La Commissione Europea ha accettato le modifiche apportate e dato il via libera definitivo ai Tremonti bond, prevedendo “una remunerazione adeguata per l’intervento statale e opportuni incentivi per un’uscita anticipata dal regime di aiuti”, come indicato da Neelie Kroes, Commissario responsabile per la concorrenza.

Le modifica degli ultimi giorni hanno fatto quindi rientrate il programma di sostegno del governo nei confronti del settore bancario, nella casistica degli aiuti di stato previsti nel trattato, che garantisce “la concessione di aiuti per porre rimedio a un grave turbamento dell’economia di uno Stato membro“. “Le autorità italiane  hanno chiesto il permesso di modificare l’impianto del loro regime per renderlo piu’ interessante per le banche sane che intendono utilizzare capitali statali soltanto per un periodo molto breve. Il regime modificato garantisce una remunerazione adeguata per lo Stato e incoraggia l’uscita anticipata ed è in linea con le norme Ue“, ha concluso Kroes.
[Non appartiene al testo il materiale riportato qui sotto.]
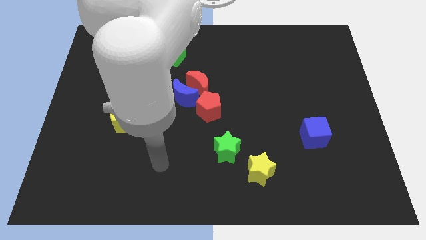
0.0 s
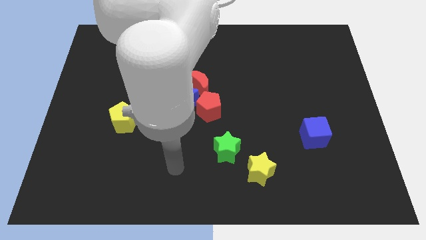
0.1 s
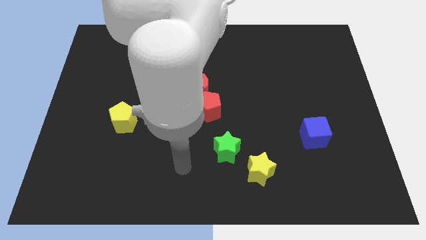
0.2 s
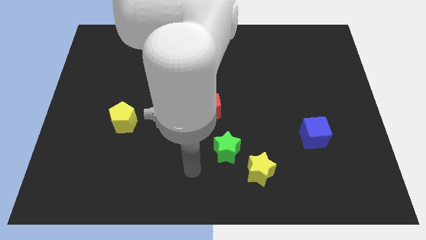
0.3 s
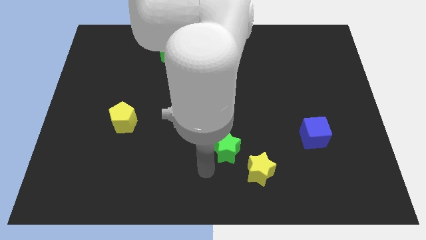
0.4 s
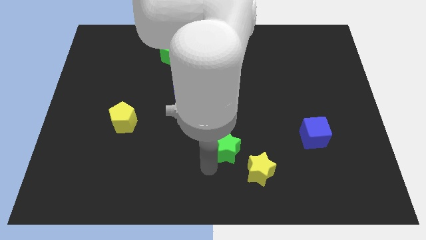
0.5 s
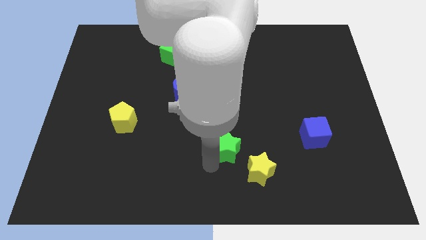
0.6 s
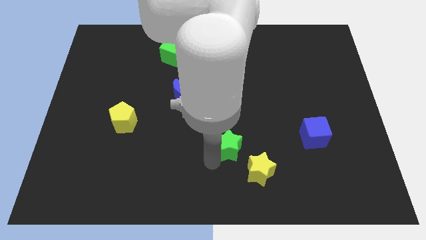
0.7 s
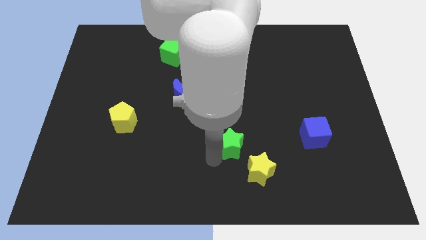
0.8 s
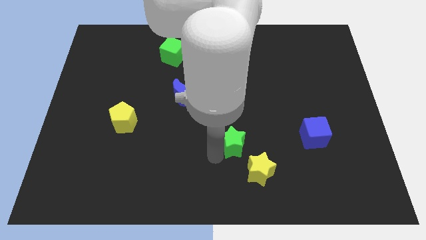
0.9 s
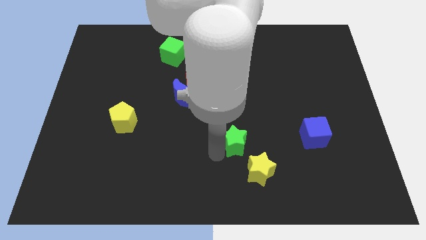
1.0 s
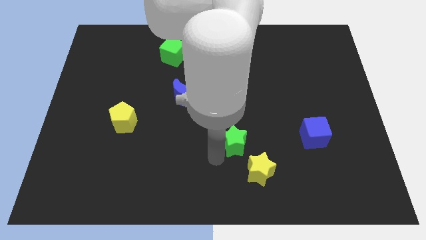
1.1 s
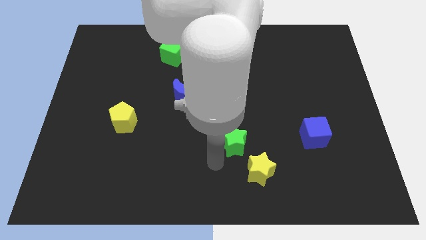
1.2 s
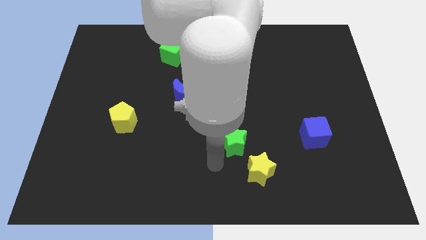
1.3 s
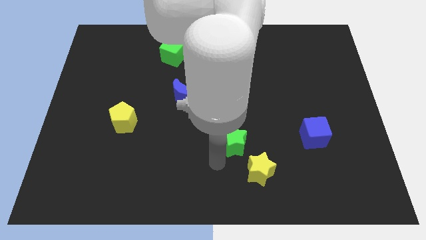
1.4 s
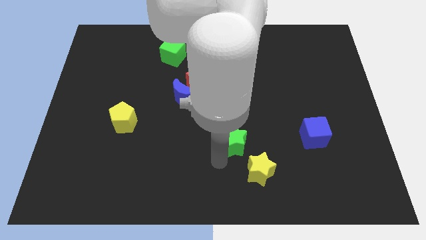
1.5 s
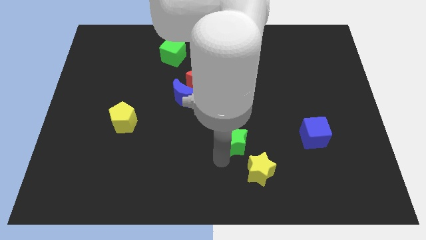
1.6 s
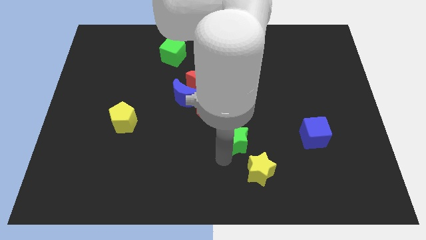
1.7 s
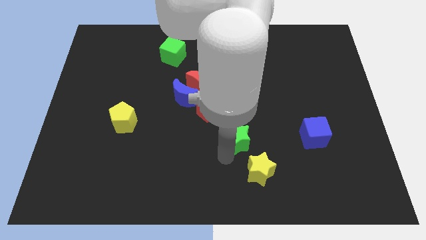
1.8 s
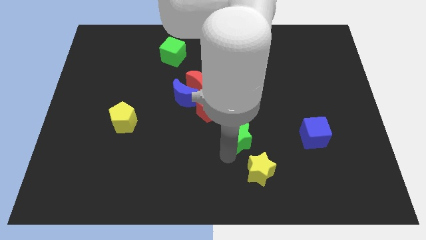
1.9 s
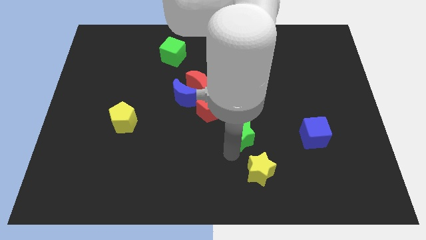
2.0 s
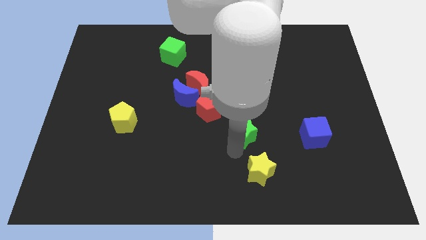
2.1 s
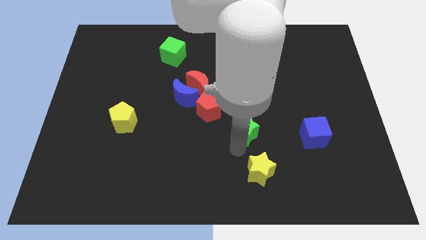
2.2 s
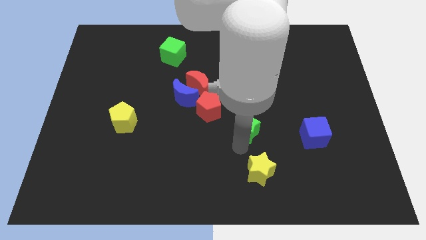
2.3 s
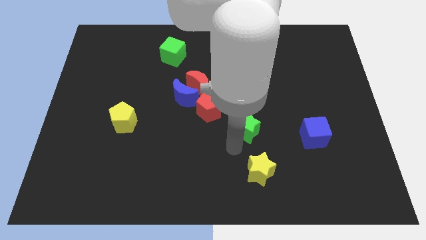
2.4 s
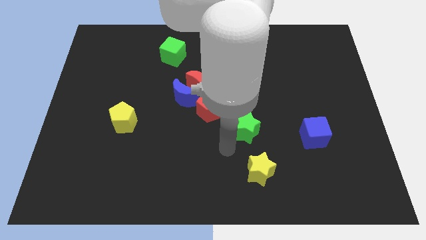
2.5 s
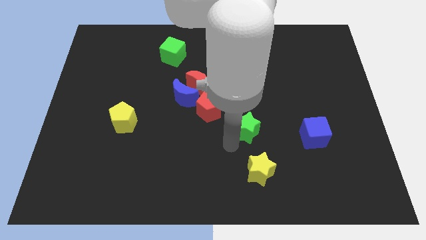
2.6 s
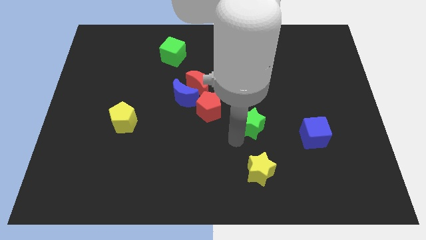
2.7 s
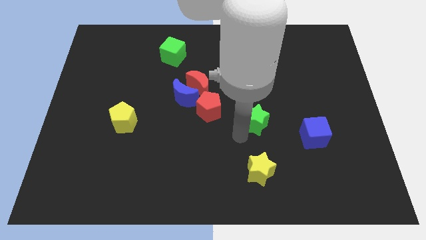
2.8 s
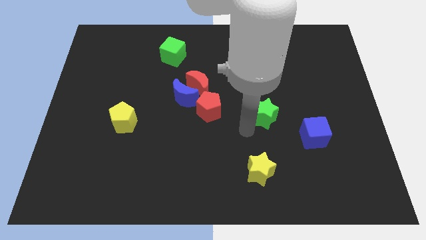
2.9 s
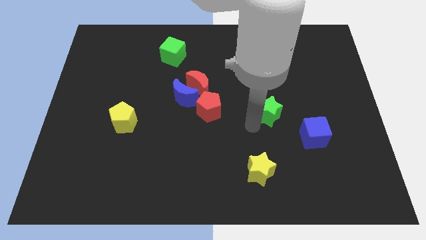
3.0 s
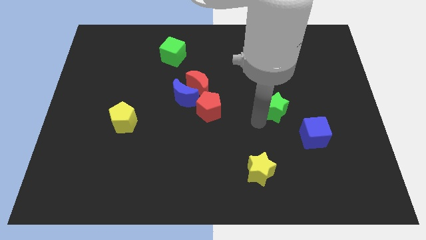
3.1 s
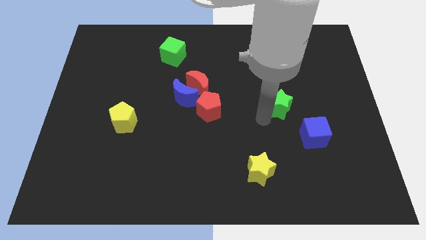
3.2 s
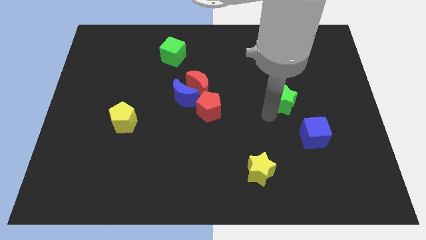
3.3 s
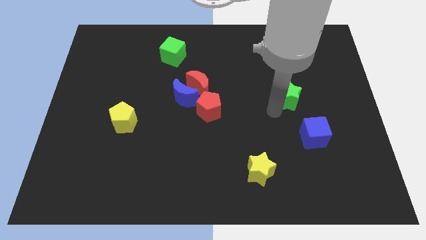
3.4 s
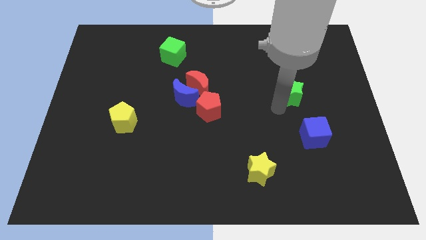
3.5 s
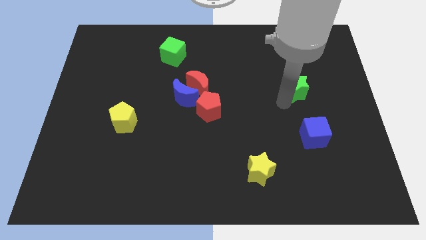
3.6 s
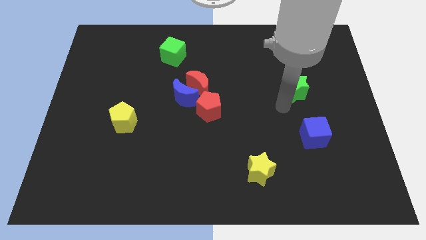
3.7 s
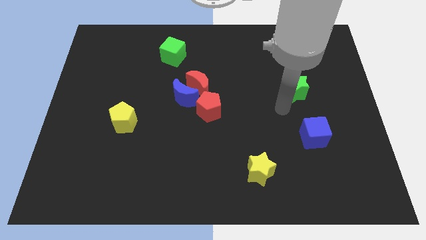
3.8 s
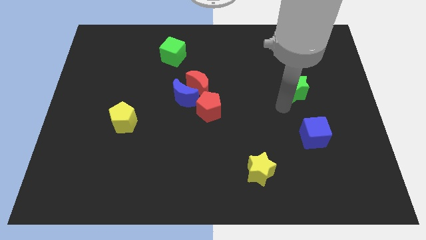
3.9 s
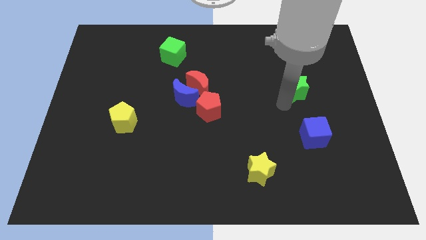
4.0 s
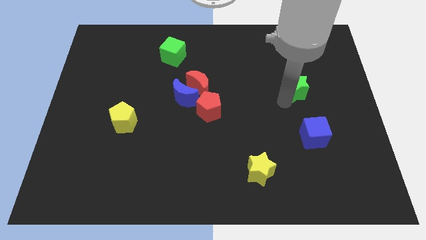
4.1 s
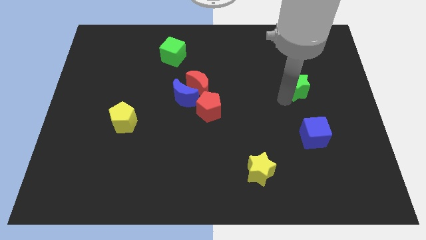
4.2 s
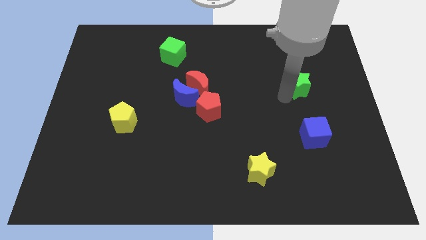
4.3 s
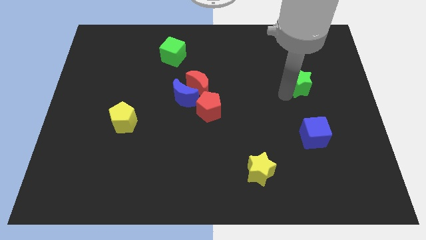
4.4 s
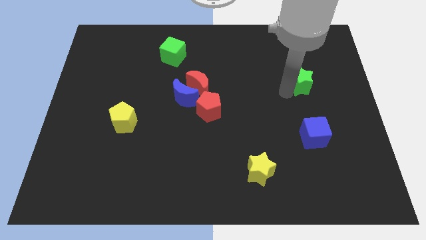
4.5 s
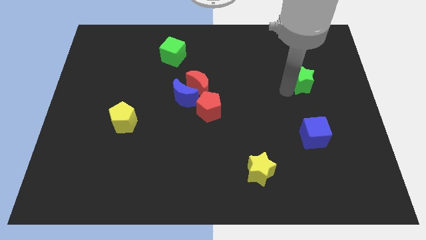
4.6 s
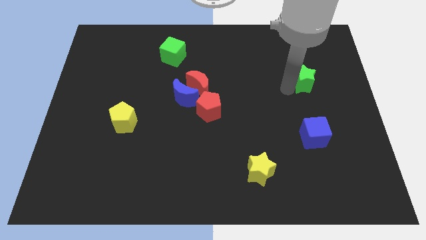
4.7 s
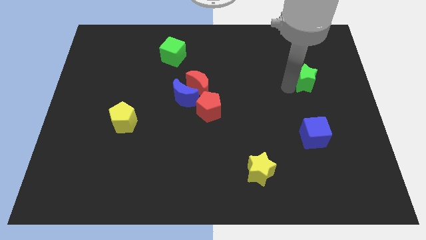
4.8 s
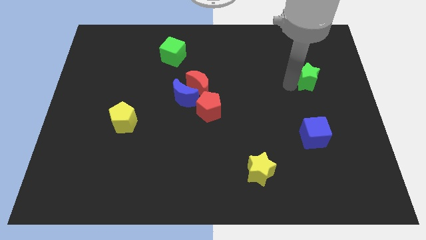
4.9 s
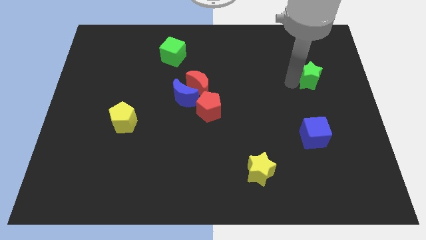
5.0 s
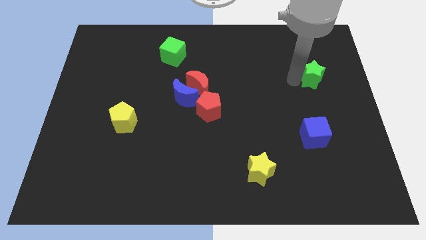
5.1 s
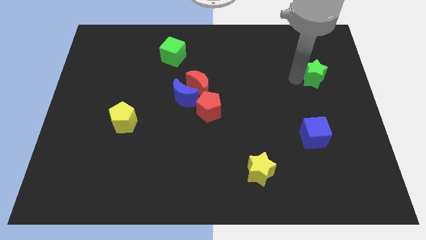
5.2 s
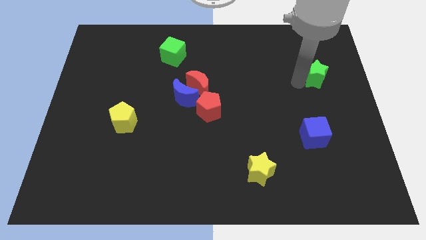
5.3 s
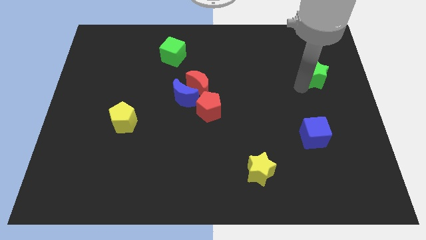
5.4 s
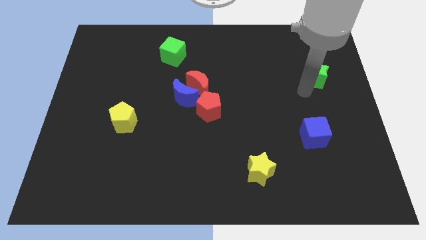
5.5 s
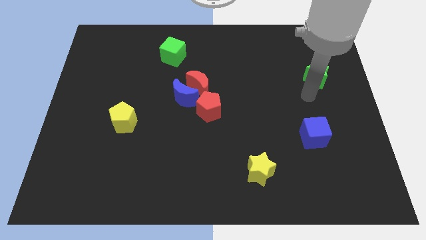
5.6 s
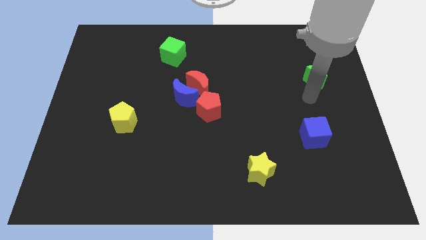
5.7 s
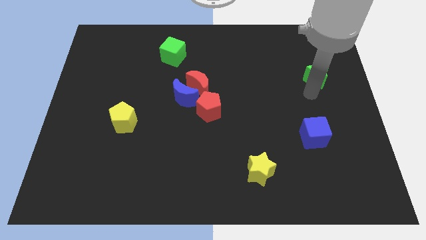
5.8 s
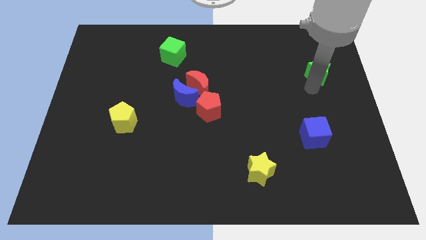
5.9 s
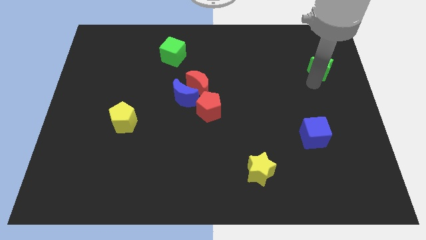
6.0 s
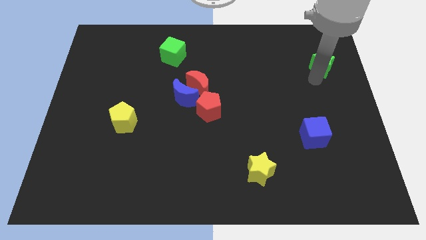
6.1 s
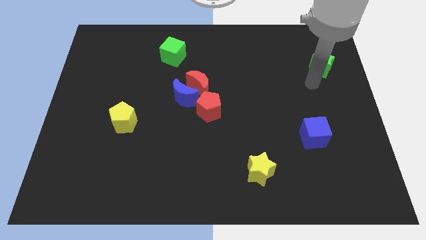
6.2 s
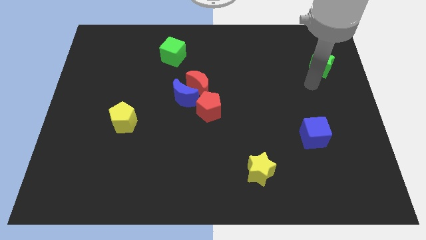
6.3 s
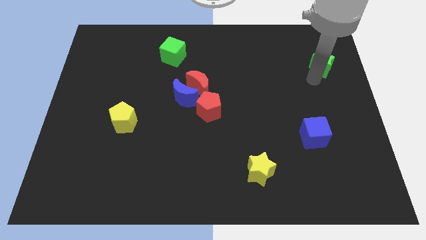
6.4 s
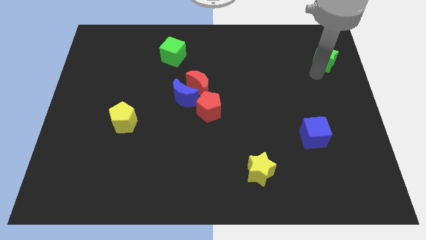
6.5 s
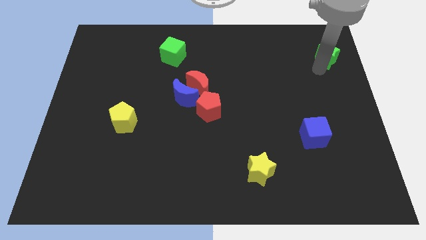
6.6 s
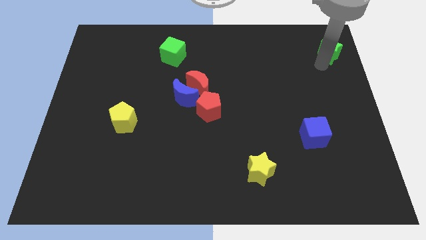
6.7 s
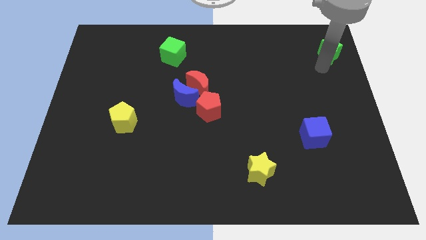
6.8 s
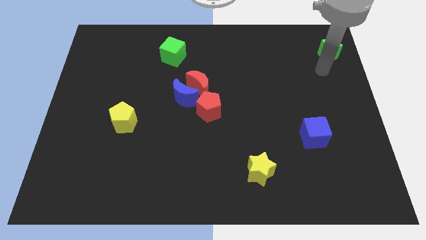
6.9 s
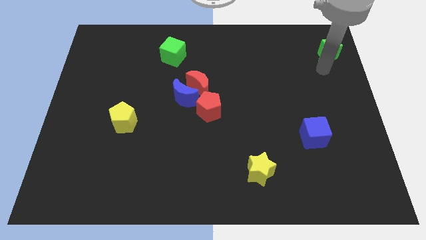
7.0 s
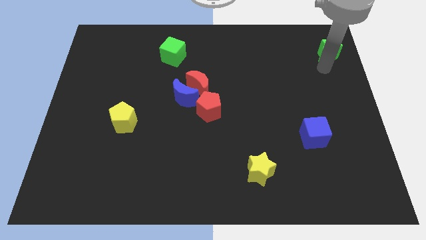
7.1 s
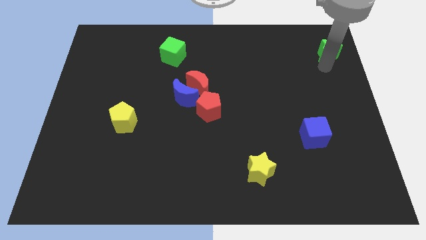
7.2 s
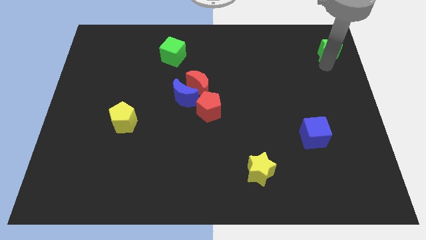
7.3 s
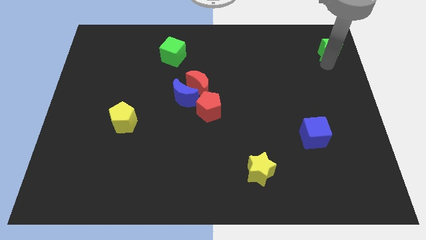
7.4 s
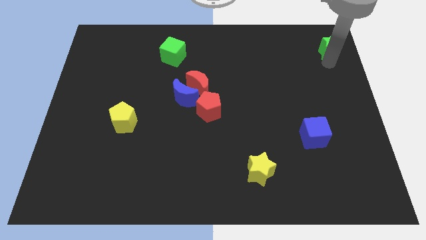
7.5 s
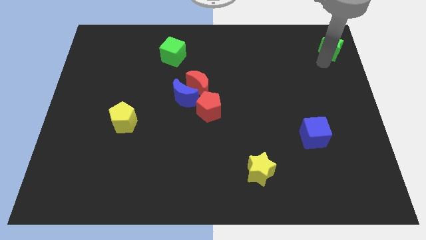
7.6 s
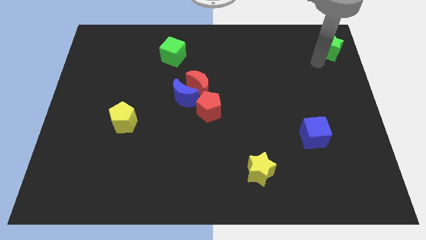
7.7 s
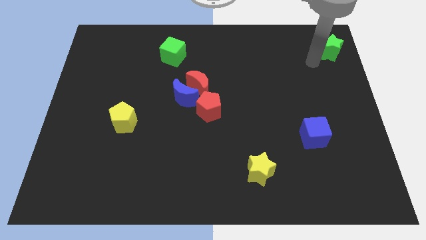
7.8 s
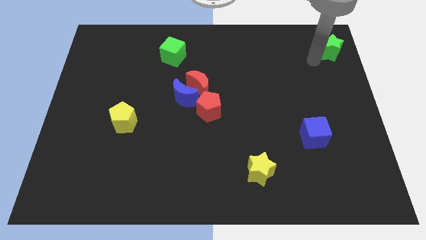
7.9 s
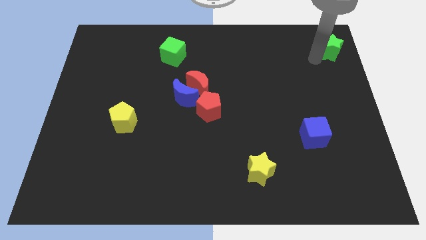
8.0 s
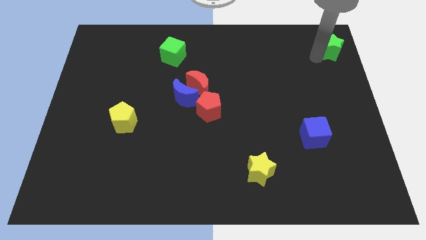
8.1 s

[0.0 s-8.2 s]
put the green star to the top right corner

Gli istituti potranno quindi sottoscrivere strumenti di debito subordinati che rientreranno nel patrimonio di vigilanza di base, il cosiddetto tier 1, tuttavia solo le banche strutturalmente solide potranno beneficiare dell’aiuto, che sarà in ultima analisi soggetto alle valutazioni della Banca d’Italia.

Più in dettaglio, una nota della Commissione ha limitato al 2 per cento del valore delle attività della banca ponderate per il rischio e, in linea di massima, entro un livello dell’8 per cento del tier 1, la dotazione di capitale fornita attraverso i Tremonti bond.